A Privy Council letter of 1591 imposes one other curious limitation, with which the Puritans at any rate can have had nothing to do, upon the players. They are to lie idle upon Thursdays and leave that day free for bear-baitings and similar pastimes, which were 'allwayes accustomed and practized upon it'. I am not sure whether the claim of the bearwards to Thursday really went back beyond 1583, when it seems to have become desirable, owing to the impulse to Puritan sentiment given by the Paris Garden accident, to substitute some other day for the Sunday upon which baitings had formerly been usual. Nor does it seem that the attempt to give a special protection to the royal 'game' permanently maintained itself.
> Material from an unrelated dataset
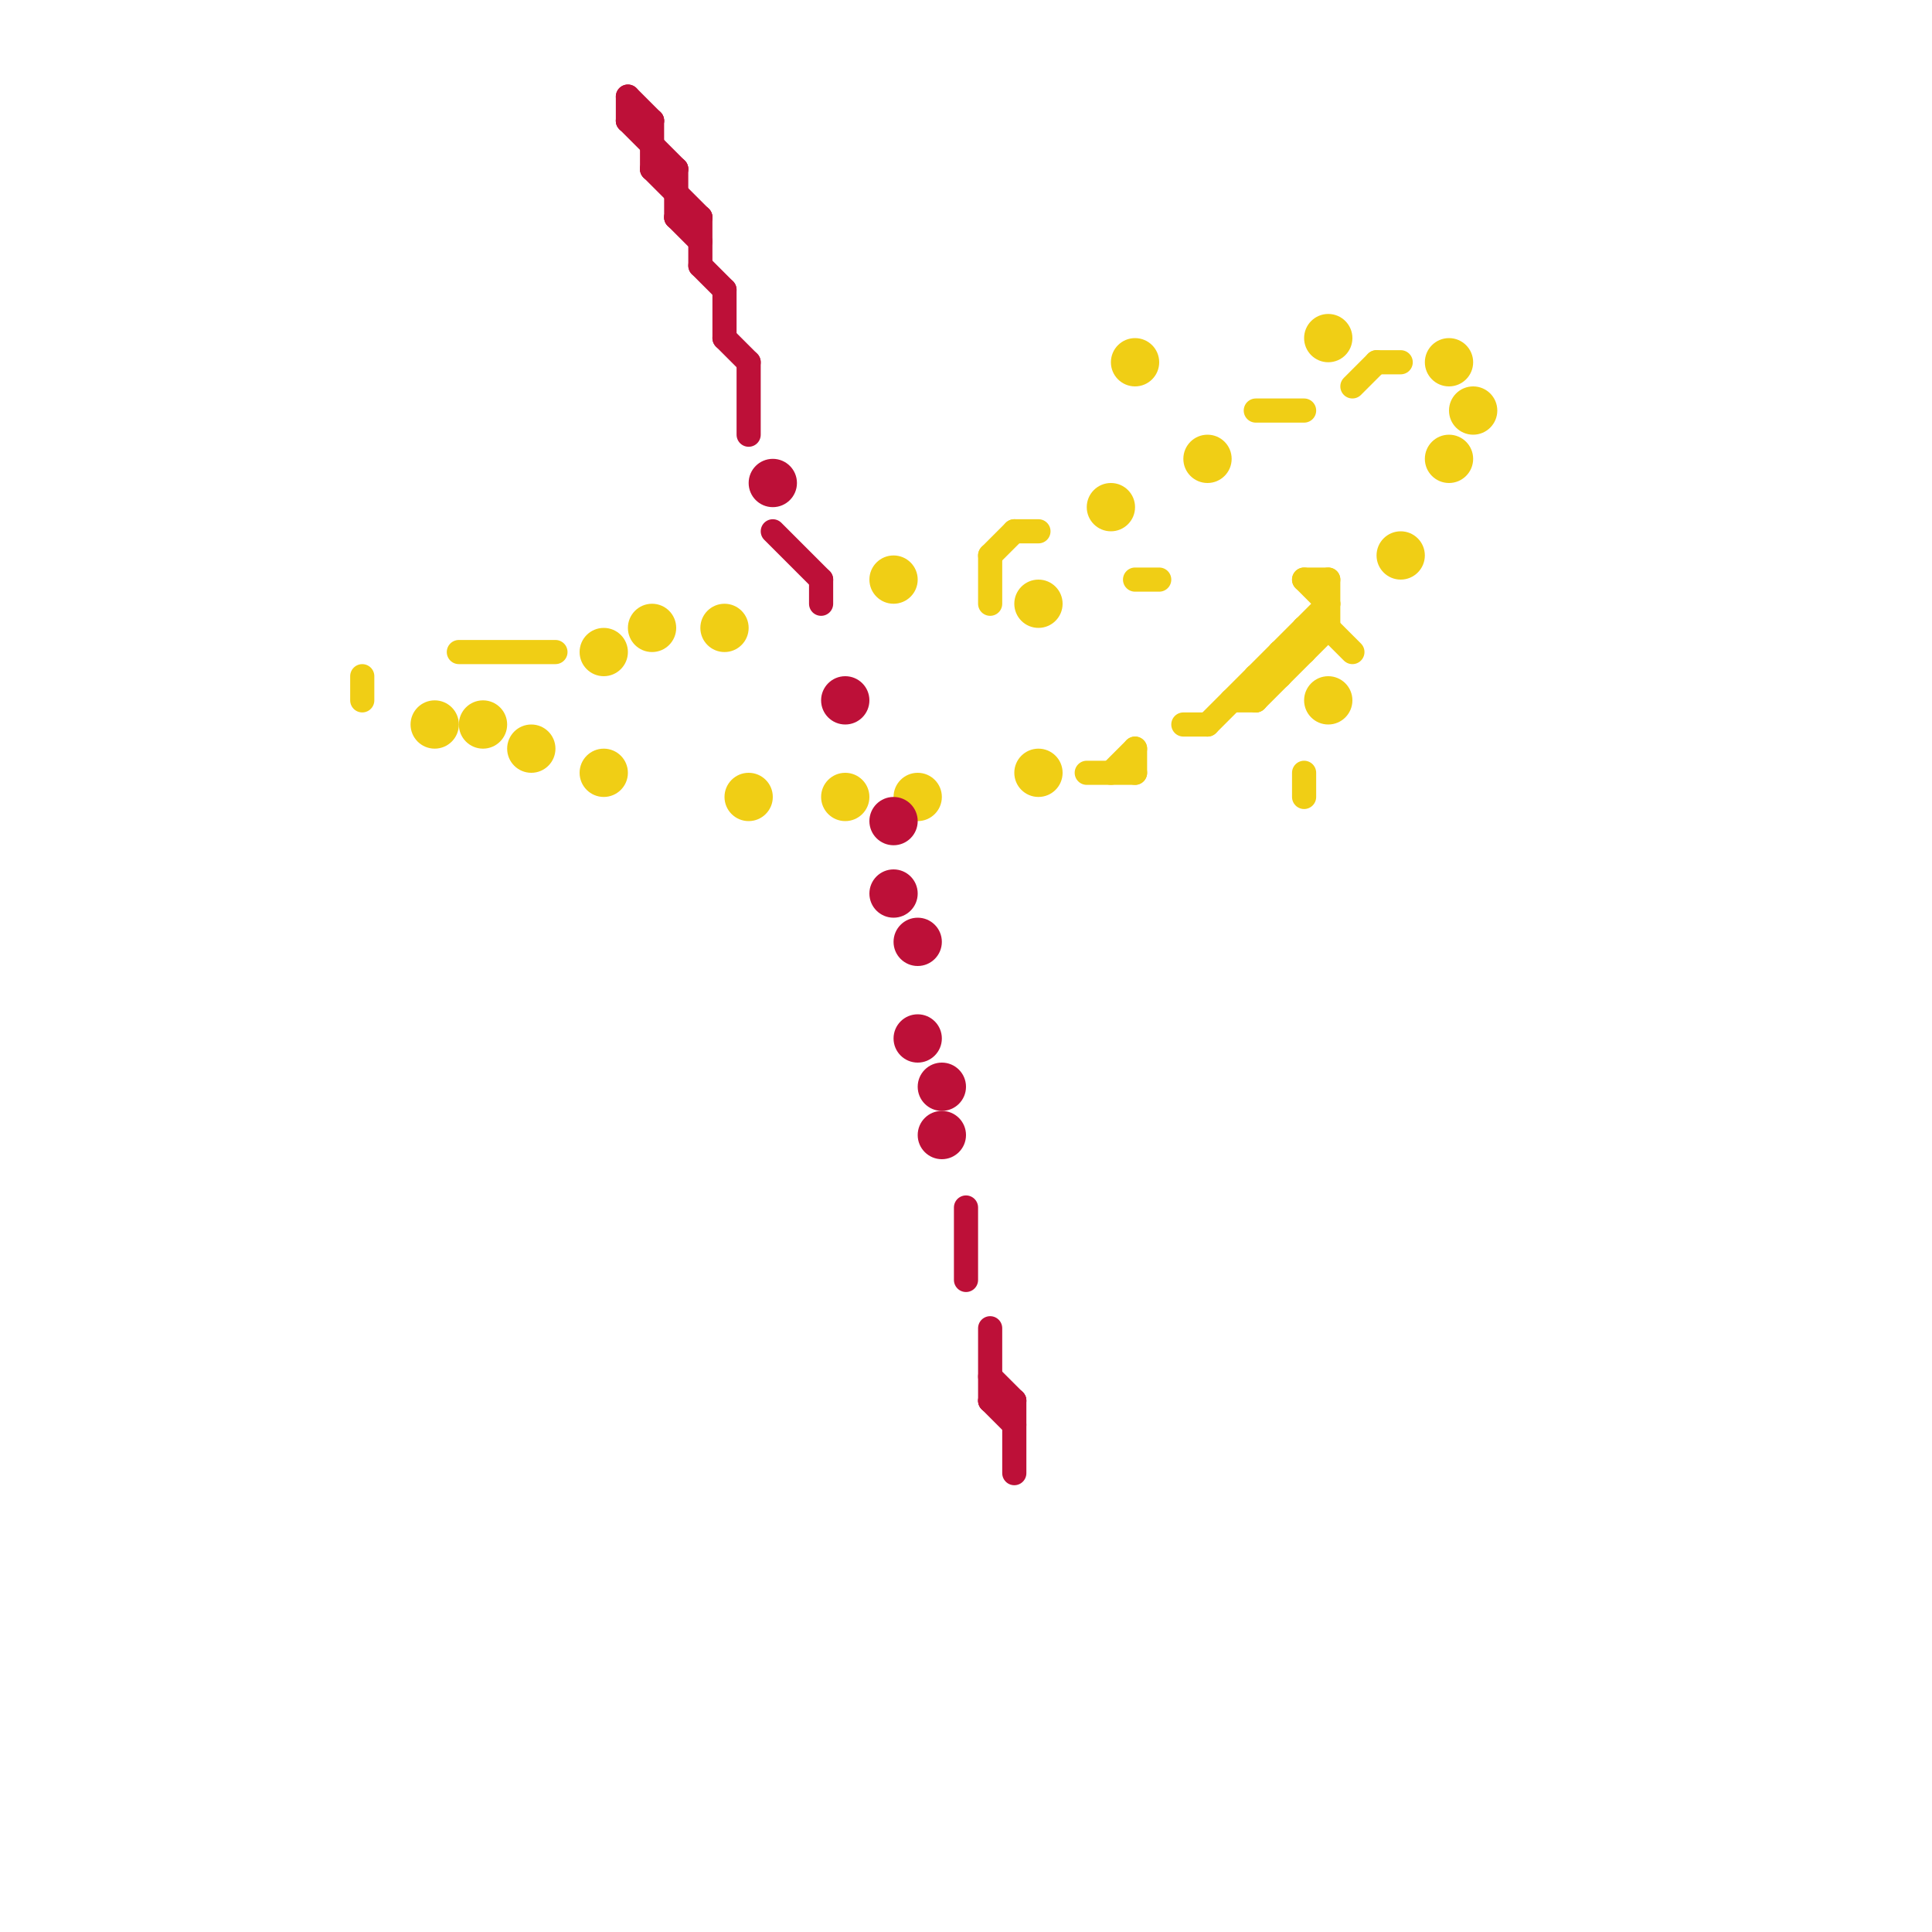 
<svg version="1.1" xmlns="http://www.w3.org/2000/svg" viewBox="0 0 80 80">
<style>line { stroke-width: 1; fill: none; stroke-linecap: round; stroke-linejoin: round; } .c0 { stroke: #f0ce15 } .c1 { stroke: #bd1038 }</style><line class="c0" x1="54" y1="26" x2="55" y2="26"/><line class="c0" x1="45" y1="32" x2="47" y2="32"/><line class="c0" x1="15" y1="28" x2="15" y2="29"/><line class="c0" x1="41" y1="23" x2="41" y2="25"/><line class="c0" x1="47" y1="24" x2="48" y2="24"/><line class="c0" x1="54" y1="26" x2="54" y2="27"/><line class="c0" x1="54" y1="24" x2="55" y2="25"/><line class="c0" x1="47" y1="31" x2="47" y2="32"/><line class="c0" x1="55" y1="24" x2="55" y2="26"/><line class="c0" x1="46" y1="32" x2="47" y2="31"/><line class="c0" x1="49" y1="30" x2="50" y2="30"/><line class="c0" x1="54" y1="32" x2="54" y2="33"/><line class="c0" x1="52" y1="28" x2="53" y2="28"/><line class="c0" x1="53" y1="27" x2="54" y2="27"/><line class="c0" x1="56" y1="16" x2="57" y2="15"/><line class="c0" x1="53" y1="27" x2="53" y2="28"/><line class="c0" x1="54" y1="24" x2="55" y2="24"/><line class="c0" x1="55" y1="26" x2="56" y2="27"/><line class="c0" x1="50" y1="30" x2="55" y2="25"/><line class="c0" x1="52" y1="28" x2="52" y2="29"/><line class="c0" x1="19" y1="27" x2="23" y2="27"/><line class="c0" x1="52" y1="17" x2="54" y2="17"/><line class="c0" x1="57" y1="15" x2="58" y2="15"/><line class="c0" x1="41" y1="23" x2="42" y2="22"/><line class="c0" x1="52" y1="29" x2="55" y2="26"/><line class="c0" x1="51" y1="29" x2="52" y2="29"/><line class="c0" x1="42" y1="22" x2="43" y2="22"/><circle cx="35" cy="33" r="1" fill="#f0ce15" /><circle cx="25" cy="32" r="1" fill="#f0ce15" /><circle cx="55" cy="14" r="1" fill="#f0ce15" /><circle cx="37" cy="24" r="1" fill="#f0ce15" /><circle cx="55" cy="29" r="1" fill="#f0ce15" /><circle cx="60" cy="19" r="1" fill="#f0ce15" /><circle cx="60" cy="15" r="1" fill="#f0ce15" /><circle cx="47" cy="15" r="1" fill="#f0ce15" /><circle cx="22" cy="31" r="1" fill="#f0ce15" /><circle cx="61" cy="17" r="1" fill="#f0ce15" /><circle cx="30" cy="26" r="1" fill="#f0ce15" /><circle cx="43" cy="32" r="1" fill="#f0ce15" /><circle cx="25" cy="27" r="1" fill="#f0ce15" /><circle cx="18" cy="30" r="1" fill="#f0ce15" /><circle cx="38" cy="33" r="1" fill="#f0ce15" /><circle cx="20" cy="30" r="1" fill="#f0ce15" /><circle cx="31" cy="33" r="1" fill="#f0ce15" /><circle cx="58" cy="23" r="1" fill="#f0ce15" /><circle cx="50" cy="19" r="1" fill="#f0ce15" /><circle cx="27" cy="26" r="1" fill="#f0ce15" /><circle cx="43" cy="25" r="1" fill="#f0ce15" /><circle cx="46" cy="21" r="1" fill="#f0ce15" /><line class="c1" x1="41" y1="58" x2="42" y2="58"/><line class="c1" x1="28" y1="7" x2="28" y2="9"/><line class="c1" x1="30" y1="12" x2="30" y2="14"/><line class="c1" x1="28" y1="9" x2="29" y2="9"/><line class="c1" x1="27" y1="5" x2="27" y2="7"/><line class="c1" x1="34" y1="24" x2="34" y2="25"/><line class="c1" x1="26" y1="4" x2="26" y2="5"/><line class="c1" x1="29" y1="9" x2="29" y2="11"/><line class="c1" x1="26" y1="4" x2="27" y2="5"/><line class="c1" x1="30" y1="14" x2="31" y2="15"/><line class="c1" x1="32" y1="22" x2="34" y2="24"/><line class="c1" x1="40" y1="50" x2="40" y2="53"/><line class="c1" x1="41" y1="55" x2="41" y2="58"/><line class="c1" x1="26" y1="5" x2="28" y2="7"/><line class="c1" x1="29" y1="11" x2="30" y2="12"/><line class="c1" x1="41" y1="58" x2="42" y2="59"/><line class="c1" x1="26" y1="5" x2="27" y2="5"/><line class="c1" x1="31" y1="15" x2="31" y2="18"/><line class="c1" x1="27" y1="7" x2="28" y2="7"/><line class="c1" x1="27" y1="7" x2="29" y2="9"/><line class="c1" x1="42" y1="58" x2="42" y2="61"/><line class="c1" x1="41" y1="57" x2="42" y2="58"/><line class="c1" x1="28" y1="9" x2="29" y2="10"/><circle cx="39" cy="47" r="1" fill="#bd1038" /><circle cx="38" cy="39" r="1" fill="#bd1038" /><circle cx="32" cy="20" r="1" fill="#bd1038" /><circle cx="35" cy="29" r="1" fill="#bd1038" /><circle cx="37" cy="37" r="1" fill="#bd1038" /><circle cx="37" cy="34" r="1" fill="#bd1038" /><circle cx="39" cy="45" r="1" fill="#bd1038" /><circle cx="38" cy="43" r="1" fill="#bd1038" />


</svg>

The Admiral's men, in spite of Edward Alleyn's interest in the Bear Garden, certainly did not yield the Thursdays from 1594 to 1597, and when about 1614 Henslowe and Jacob Meade had occasion to combine playing and baiting in the Hope, they had to insert special stipulations in their agreements with the actors, in order to secure one day a fortnight for the bears.[3]*

  1. Cf. Middleton, A Mad World, my Masters (1608), I. i. 38, Tis Lent in your cheeks; the flag's down'; T. Earle, Microcosmography, char. 64, of a player, 'Shrove-tuesday hee feares as much as the bawdes, and Lent is more damage to him then the butcher'.
  2. Variorum, iii. 65, from Sir Henry Herbert's papers, which also record a similar payment in 1618 'for toleration in the holydays'. Herbert himself sold similar indulgences and in a list of customary Revels fees drawn up in 1662 includes £3 'for Lent fee', together with £3 'for Christmasse fee' (Variorum, iii. 266). Prynne, Histriomastix (1633), 784, notes the custom of suppressing plays 'in Lent, till now of late'.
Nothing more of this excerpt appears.